Here you go! what is wrong here, it’s just installing 3.0, even i don’t have repo configured for 3.0, i did yum clean too
also this URL is broken, page not found: https://packages.graylog2.org/repo/el/stable/2.4/$basearch/
[root@graylog ~]# cat /etc/yum.repos.d/graylog.repo
[graylog]
name=graylog
baseurl=https://packages.graylog2.org/repo/el/stable/2.4/$basearch/
gpgcheck=1
repo_gpgcheck=0
gpgkey=file:///etc/pki/rpm-gpg/RPM-GPG-KEY-graylog
[root@graylog ~]#
[root@graylog ~]#
[root@graylog ~]#
[root@graylog ~]# yum install graylog-server
Loaded plugins: fastestmirror, langpacks
base | 3.6 kB 00:00:00
elasticsearch-5.x | 1.3 kB 00:00:00
epel/x86_64/metalink | 16 kB 00:00:00
epel | 3.2 kB 00:00:00
extras | 3.4 kB 00:00:00
mongodb-org-3.4 | 2.5 kB 00:00:00
updates | 3.4 kB 00:00:00
(1/9): elasticsearch-5.x/primary | 148 kB 00:00:00
(2/9): base/7/x86_64/group_gz | 166 kB 00:00:00
(3/9): epel/x86_64/group_gz | 88 kB 00:00:00
(4/9): epel/x86_64/updateinfo | 932 kB 00:00:00
(5/9): epel/x86_64/primary | 3.6 MB 00:00:00
(6/9): mongodb-org-3.4/7/primary_db | 73 kB 00:00:00
(7/9): extras/7/x86_64/primary_db | 204 kB 00:00:00
(8/9): base/7/x86_64/primary_db | 5.9 MB 00:00:01
(9/9): updates/7/x86_64/primary_db | 6.0 MB 00:00:02
Determining fastest mirrors
* base: mirror.fileplanet.com
* epel: mirror.metrocast.net
* extras: mirror.ash.fastserv.com
* updates: mirror.oss.ou.edu
elasticsearch-5.x 386/386
epel 12742/12742
Resolving Dependencies
--> Running transaction check
---> Package graylog-server.noarch 0:3.0.0-2.alpha.2 will be installed
--> Finished Dependency Resolution
Dependencies Resolved
=====================================================================================================================================================================================
Package Arch Version Repository Size
=====================================================================================================================================================================================
Installing:
graylog-server noarch 3.0.0-2.alpha.2 graylog 92 M
Transaction Summary
=====================================================================================================================================================================================
Install 1 Package
Total download size: 92 M
Installed size: 103 M
Is this ok [y/d/N]: n
never mind, after modifying repo file to following it work, look like something was cached somewhere
[graylog-foo]
name=graylog-foo
baseurl=https://packages.graylog2.org/repo/el/stable/2.4/$basearch/
gpgcheck=1
repo_gpgcheck=0
gpgkey=file:///etc/pki/rpm-gpg/RPM-GPG-KEY-graylog
Anyway now i am seeing no error and looks good and i sending some logs from Cisco switches but they are not showing up in search does graylog takes some time to process logs or its realtime?
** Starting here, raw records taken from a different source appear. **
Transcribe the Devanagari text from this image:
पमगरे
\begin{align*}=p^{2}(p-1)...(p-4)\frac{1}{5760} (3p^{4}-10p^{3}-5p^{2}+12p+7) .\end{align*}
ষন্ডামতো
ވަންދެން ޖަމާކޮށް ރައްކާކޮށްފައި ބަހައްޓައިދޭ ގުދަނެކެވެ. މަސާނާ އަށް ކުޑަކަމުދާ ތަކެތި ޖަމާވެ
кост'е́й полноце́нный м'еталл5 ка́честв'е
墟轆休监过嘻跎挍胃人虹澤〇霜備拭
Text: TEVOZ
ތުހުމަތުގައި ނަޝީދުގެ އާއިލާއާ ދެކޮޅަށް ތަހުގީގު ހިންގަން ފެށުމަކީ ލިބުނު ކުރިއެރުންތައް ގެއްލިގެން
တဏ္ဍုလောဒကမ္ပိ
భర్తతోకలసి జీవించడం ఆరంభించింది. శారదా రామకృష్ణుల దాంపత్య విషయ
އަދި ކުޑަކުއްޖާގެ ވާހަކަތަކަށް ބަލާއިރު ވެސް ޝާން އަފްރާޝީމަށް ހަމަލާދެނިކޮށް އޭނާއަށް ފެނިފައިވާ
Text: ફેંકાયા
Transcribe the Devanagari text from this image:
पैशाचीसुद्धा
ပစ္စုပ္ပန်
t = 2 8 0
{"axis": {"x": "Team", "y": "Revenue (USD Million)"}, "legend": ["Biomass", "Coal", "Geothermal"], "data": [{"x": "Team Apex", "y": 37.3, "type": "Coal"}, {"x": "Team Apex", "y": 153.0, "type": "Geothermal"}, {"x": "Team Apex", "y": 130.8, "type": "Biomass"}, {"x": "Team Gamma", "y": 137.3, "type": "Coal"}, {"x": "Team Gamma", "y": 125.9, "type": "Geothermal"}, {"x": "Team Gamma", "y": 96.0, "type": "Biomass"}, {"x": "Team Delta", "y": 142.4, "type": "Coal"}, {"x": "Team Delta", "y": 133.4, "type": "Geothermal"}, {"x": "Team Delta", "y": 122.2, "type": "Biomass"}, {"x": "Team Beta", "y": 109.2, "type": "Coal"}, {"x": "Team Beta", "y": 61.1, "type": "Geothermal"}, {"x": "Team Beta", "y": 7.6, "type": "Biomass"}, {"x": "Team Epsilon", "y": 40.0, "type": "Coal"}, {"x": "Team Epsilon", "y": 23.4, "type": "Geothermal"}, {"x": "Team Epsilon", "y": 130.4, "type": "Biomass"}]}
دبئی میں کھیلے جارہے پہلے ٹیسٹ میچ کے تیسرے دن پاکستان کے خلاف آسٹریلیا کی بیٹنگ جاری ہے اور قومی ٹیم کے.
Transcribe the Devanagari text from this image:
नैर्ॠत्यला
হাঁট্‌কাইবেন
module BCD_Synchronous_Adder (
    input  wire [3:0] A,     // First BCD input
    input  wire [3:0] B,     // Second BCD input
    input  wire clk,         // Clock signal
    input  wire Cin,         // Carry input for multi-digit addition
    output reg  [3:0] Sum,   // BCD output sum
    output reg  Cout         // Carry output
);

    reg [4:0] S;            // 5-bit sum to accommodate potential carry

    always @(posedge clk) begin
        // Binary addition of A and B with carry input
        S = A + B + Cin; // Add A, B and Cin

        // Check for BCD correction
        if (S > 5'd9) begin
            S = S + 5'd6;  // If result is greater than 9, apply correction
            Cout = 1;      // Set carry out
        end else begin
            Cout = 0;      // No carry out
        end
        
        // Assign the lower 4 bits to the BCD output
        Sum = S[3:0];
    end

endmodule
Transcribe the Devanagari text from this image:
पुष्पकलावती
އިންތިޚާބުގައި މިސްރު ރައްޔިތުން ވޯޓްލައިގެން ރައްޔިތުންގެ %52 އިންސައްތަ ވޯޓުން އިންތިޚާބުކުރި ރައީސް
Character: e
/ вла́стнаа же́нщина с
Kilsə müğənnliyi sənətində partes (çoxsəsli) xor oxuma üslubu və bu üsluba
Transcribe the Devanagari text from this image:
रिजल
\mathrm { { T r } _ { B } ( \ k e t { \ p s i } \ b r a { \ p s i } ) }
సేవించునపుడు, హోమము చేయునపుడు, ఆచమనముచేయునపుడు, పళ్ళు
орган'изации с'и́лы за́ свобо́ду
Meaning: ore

after google i found you need to change timestamp because graylog use UTS and my all switches use EST so this is what i did in server.conf file
root_timezone = America/New_York
now in System/Overview i can see timestamp in EST but still not processing logs what else i should check?
system
November 6, 2018, 2:55pm
7
This topic was automatically closed 14 days after the last reply. New replies are no longer allowed.